[Recorded data — start]

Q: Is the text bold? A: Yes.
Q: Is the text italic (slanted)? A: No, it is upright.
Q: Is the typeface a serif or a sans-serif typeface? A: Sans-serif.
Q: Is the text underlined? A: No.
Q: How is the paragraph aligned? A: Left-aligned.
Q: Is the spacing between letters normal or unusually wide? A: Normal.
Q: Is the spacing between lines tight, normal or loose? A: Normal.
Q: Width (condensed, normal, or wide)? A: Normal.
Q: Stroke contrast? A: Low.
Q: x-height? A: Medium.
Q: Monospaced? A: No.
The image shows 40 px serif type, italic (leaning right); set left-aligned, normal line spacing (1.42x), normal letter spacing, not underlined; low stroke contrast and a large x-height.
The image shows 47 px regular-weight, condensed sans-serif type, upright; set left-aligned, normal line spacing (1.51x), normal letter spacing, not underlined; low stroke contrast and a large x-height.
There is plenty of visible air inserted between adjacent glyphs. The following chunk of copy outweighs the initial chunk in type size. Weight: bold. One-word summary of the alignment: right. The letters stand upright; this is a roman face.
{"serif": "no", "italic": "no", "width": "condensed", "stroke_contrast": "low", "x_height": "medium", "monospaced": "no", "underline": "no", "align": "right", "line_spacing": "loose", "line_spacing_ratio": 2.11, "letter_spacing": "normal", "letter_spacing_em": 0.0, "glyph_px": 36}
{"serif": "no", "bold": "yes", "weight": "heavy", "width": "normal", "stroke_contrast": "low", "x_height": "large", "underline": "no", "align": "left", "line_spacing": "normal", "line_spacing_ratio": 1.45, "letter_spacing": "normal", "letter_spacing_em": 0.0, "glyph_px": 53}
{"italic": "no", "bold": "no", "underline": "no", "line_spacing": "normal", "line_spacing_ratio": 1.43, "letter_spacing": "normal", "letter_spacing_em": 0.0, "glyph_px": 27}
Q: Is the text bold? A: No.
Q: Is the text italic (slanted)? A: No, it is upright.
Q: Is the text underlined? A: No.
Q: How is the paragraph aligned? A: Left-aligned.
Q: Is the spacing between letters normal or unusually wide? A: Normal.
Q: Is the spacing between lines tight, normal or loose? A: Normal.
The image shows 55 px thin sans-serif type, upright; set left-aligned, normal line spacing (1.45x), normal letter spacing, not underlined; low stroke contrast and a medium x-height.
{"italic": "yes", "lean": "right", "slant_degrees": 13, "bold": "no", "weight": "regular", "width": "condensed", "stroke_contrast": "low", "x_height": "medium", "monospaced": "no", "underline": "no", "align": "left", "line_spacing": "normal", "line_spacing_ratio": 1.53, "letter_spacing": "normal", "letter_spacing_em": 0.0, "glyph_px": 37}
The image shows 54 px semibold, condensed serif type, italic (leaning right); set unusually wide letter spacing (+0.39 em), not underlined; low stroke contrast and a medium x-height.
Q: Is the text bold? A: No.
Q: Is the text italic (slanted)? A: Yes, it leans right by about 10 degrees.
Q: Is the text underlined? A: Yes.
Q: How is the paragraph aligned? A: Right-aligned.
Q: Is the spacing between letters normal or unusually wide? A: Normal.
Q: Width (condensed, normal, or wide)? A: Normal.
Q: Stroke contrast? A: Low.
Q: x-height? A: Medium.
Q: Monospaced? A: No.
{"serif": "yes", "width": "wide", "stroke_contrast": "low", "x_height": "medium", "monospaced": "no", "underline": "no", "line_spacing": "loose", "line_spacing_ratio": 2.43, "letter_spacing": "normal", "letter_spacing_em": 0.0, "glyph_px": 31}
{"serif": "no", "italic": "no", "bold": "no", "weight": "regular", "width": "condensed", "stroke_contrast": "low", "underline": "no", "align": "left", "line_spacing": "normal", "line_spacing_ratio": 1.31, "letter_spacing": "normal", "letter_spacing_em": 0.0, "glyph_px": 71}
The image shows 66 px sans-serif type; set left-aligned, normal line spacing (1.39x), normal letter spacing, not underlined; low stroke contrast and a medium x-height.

[Recorded data — finish]

Each record is to be given again in full, exactly as it reads.

Q: Is the text bold? A: Yes.
Q: Is the text italic (slanted)? A: No, it is upright.
Q: Is the typeface a serif or a sans-serif typeface? A: Sans-serif.
Q: Is the text underlined? A: No.
Q: How is the paragraph aligned? A: Left-aligned.
Q: Is the spacing between letters normal or unusually wide? A: Normal.
Q: Is the spacing between lines tight, normal or loose? A: Normal.
Q: Width (condensed, normal, or wide)? A: Normal.
Q: Stroke contrast? A: Low.
Q: x-height? A: Medium.
Q: Monospaced? A: No.
The image shows 40 px serif type, italic (leaning right); set left-aligned, normal line spacing (1.42x), normal letter spacing, not underlined; low stroke contrast and a large x-height.
The image shows 47 px regular-weight, condensed sans-serif type, upright; set left-aligned, normal line spacing (1.51x), normal letter spacing, not underlined; low stroke contrast and a large x-height.
There is plenty of visible air inserted between adjacent glyphs. The following chunk of copy outweighs the initial chunk in type size. Weight: bold. One-word summary of the alignment: right. The letters stand upright; this is a roman face.
{"serif": "no", "italic": "no", "width": "condensed", "stroke_contrast": "low", "x_height": "medium", "monospaced": "no", "underline": "no", "align": "right", "line_spacing": "loose", "line_spacing_ratio": 2.11, "letter_spacing": "normal", "letter_spacing_em": 0.0, "glyph_px": 36}
{"serif": "no", "bold": "yes", "weight": "heavy", "width": "normal", "stroke_contrast": "low", "x_height": "large", "underline": "no", "align": "left", "line_spacing": "normal", "line_spacing_ratio": 1.45, "letter_spacing": "normal", "letter_spacing_em": 0.0, "glyph_px": 53}
{"italic": "no", "bold": "no", "underline": "no", "line_spacing": "normal", "line_spacing_ratio": 1.43, "letter_spacing": "normal", "letter_spacing_em": 0.0, "glyph_px": 27}
Q: Is the text bold? A: No.
Q: Is the text italic (slanted)? A: No, it is upright.
Q: Is the text underlined? A: No.
Q: How is the paragraph aligned? A: Left-aligned.
Q: Is the spacing between letters normal or unusually wide? A: Normal.
Q: Is the spacing between lines tight, normal or loose? A: Normal.
The image shows 55 px thin sans-serif type, upright; set left-aligned, normal line spacing (1.45x), normal letter spacing, not underlined; low stroke contrast and a medium x-height.
{"italic": "yes", "lean": "right", "slant_degrees": 13, "bold": "no", "weight": "regular", "width": "condensed", "stroke_contrast": "low", "x_height": "medium", "monospaced": "no", "underline": "no", "align": "left", "line_spacing": "normal", "line_spacing_ratio": 1.53, "letter_spacing": "normal", "letter_spacing_em": 0.0, "glyph_px": 37}
The image shows 54 px semibold, condensed serif type, italic (leaning right); set unusually wide letter spacing (+0.39 em), not underlined; low stroke contrast and a medium x-height.
Q: Is the text bold? A: No.
Q: Is the text italic (slanted)? A: Yes, it leans right by about 10 degrees.
Q: Is the text underlined? A: Yes.
Q: How is the paragraph aligned? A: Right-aligned.
Q: Is the spacing between letters normal or unusually wide? A: Normal.
Q: Width (condensed, normal, or wide)? A: Normal.
Q: Stroke contrast? A: Low.
Q: x-height? A: Medium.
Q: Monospaced? A: No.
{"serif": "yes", "width": "wide", "stroke_contrast": "low", "x_height": "medium", "monospaced": "no", "underline": "no", "line_spacing": "loose", "line_spacing_ratio": 2.43, "letter_spacing": "normal", "letter_spacing_em": 0.0, "glyph_px": 31}
{"serif": "no", "italic": "no", "bold": "no", "weight": "regular", "width": "condensed", "stroke_contrast": "low", "underline": "no", "align": "left", "line_spacing": "normal", "line_spacing_ratio": 1.31, "letter_spacing": "normal", "letter_spacing_em": 0.0, "glyph_px": 71}
The image shows 66 px sans-serif type; set left-aligned, normal line spacing (1.39x), normal letter spacing, not underlined; low stroke contrast and a medium x-height.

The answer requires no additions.